-------- Supplied records

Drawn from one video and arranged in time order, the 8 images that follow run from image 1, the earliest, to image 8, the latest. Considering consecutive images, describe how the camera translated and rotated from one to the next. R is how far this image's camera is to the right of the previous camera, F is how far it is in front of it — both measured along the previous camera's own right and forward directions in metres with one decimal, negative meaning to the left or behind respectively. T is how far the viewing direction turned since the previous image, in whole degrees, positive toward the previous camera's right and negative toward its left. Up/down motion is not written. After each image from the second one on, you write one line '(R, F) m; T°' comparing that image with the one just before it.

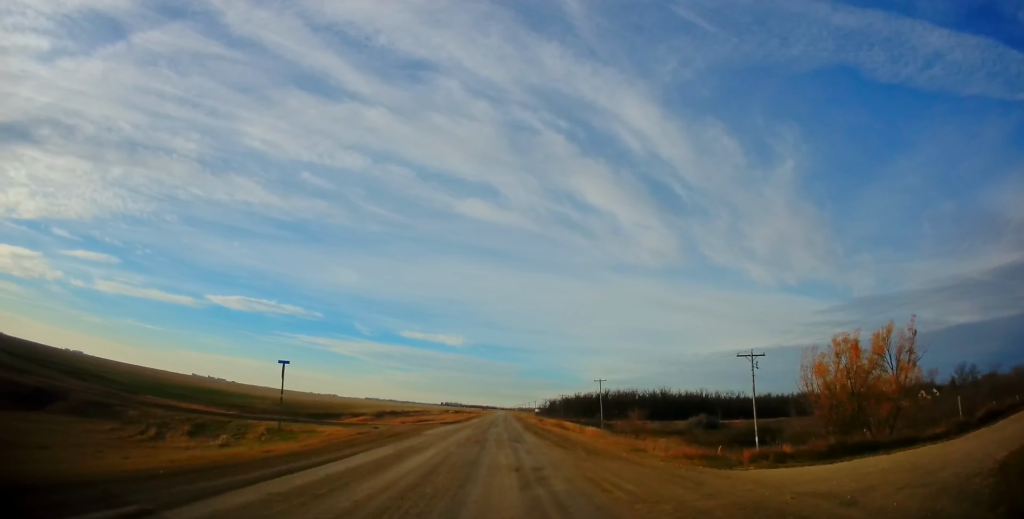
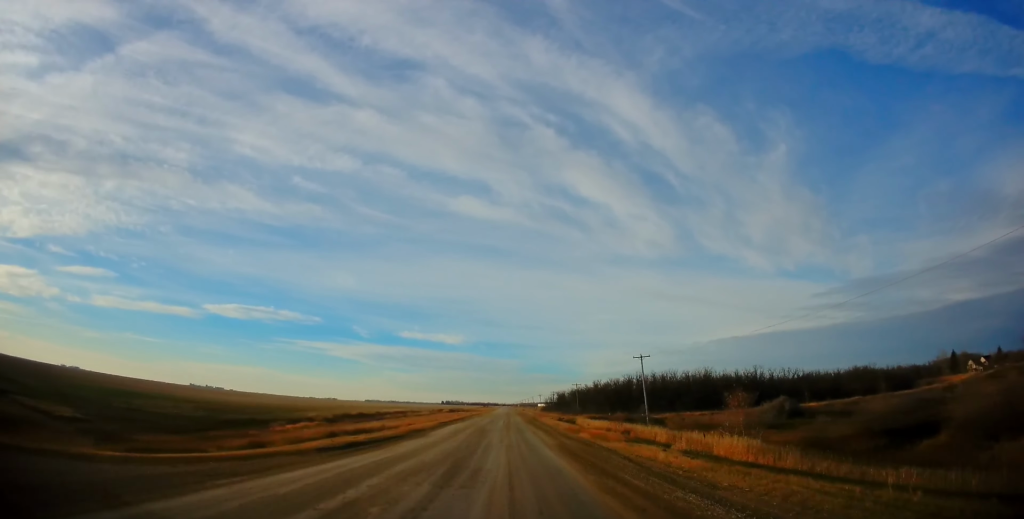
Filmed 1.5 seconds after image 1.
(+0.5, +35.2) m; +1°
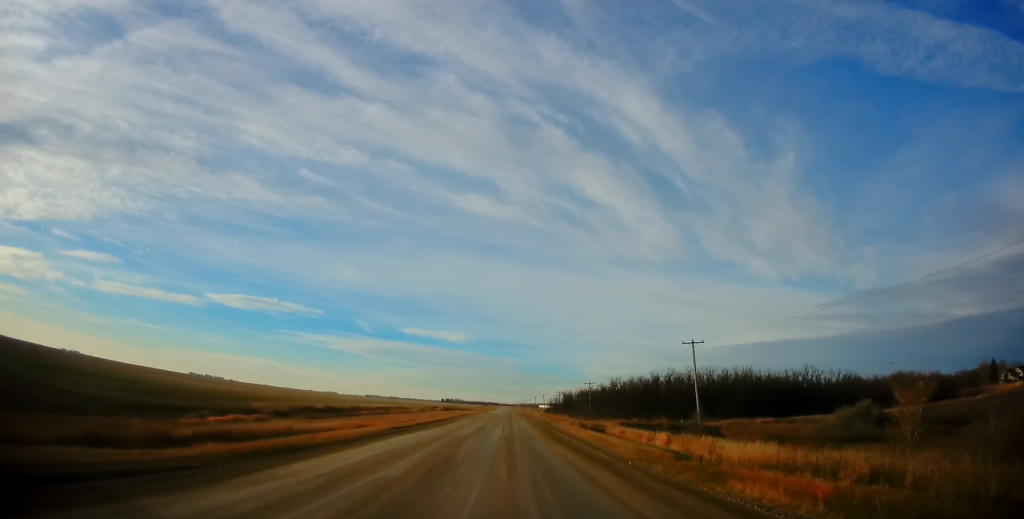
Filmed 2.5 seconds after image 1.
(-0.2, +21.4) m; 0°
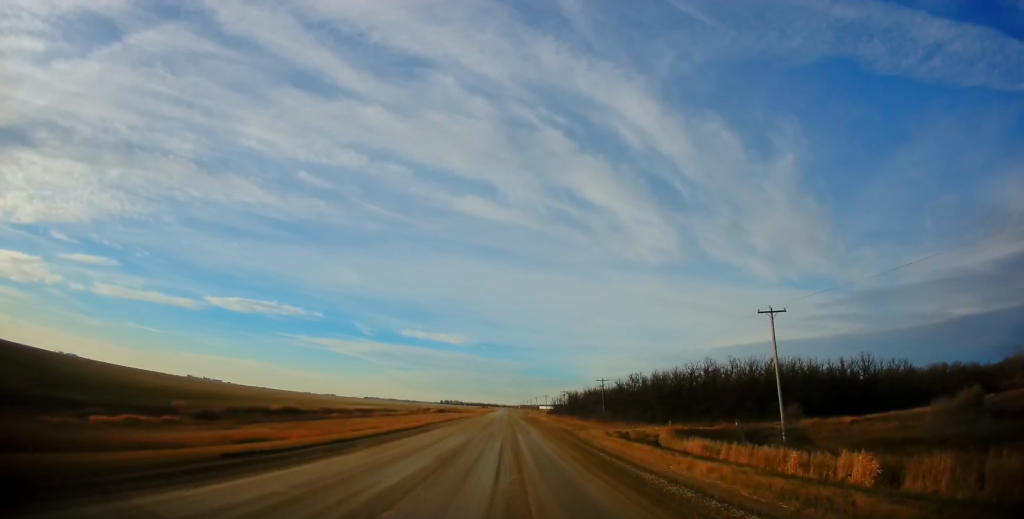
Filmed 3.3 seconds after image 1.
(0.0, +18.3) m; 0°
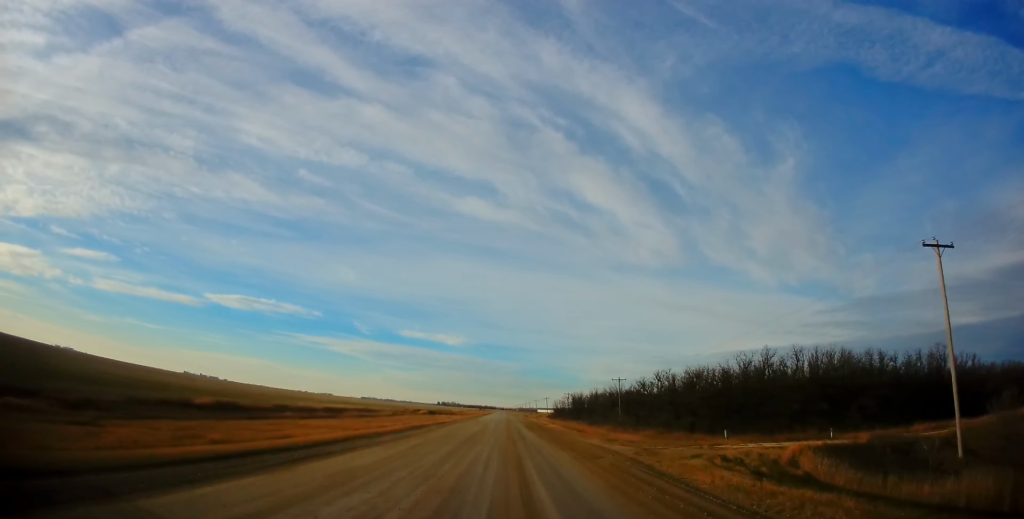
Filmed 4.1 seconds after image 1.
(-0.1, +17.9) m; 0°
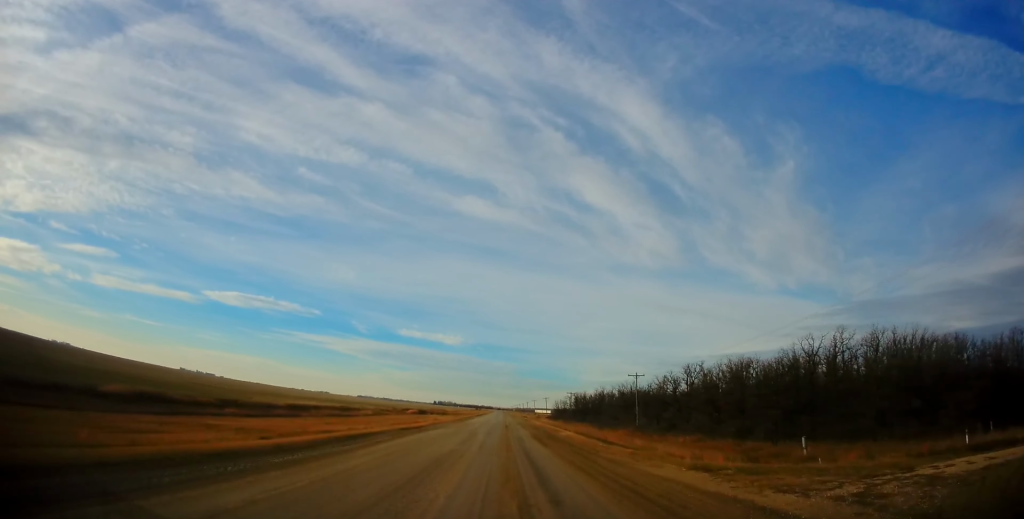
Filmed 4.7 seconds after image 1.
(0.0, +14.0) m; 0°
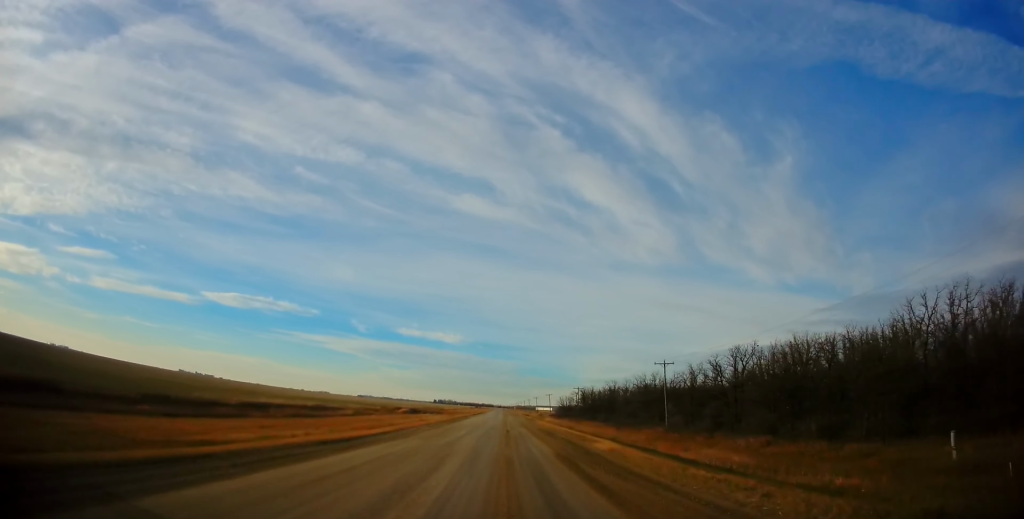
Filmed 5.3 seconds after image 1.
(+0.2, +13.9) m; 0°
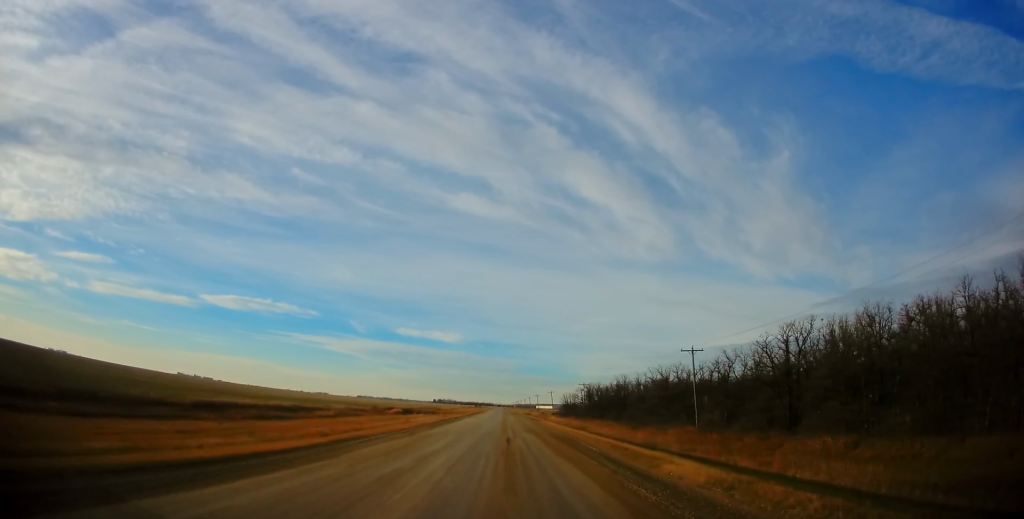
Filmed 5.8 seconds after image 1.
(-0.1, +9.6) m; 0°

----------------

Output, exactly and without pictures, the lines above that run from the one containing "Filmed 4.7 seconds after image 1." through the last line of the entries, inclusive.

Response to this exercise:
Filmed 4.7 seconds after image 1.
(0.0, +14.0) m; 0°
Filmed 5.3 seconds after image 1.
(+0.2, +13.9) m; 0°
Filmed 5.8 seconds after image 1.
(-0.1, +9.6) m; 0°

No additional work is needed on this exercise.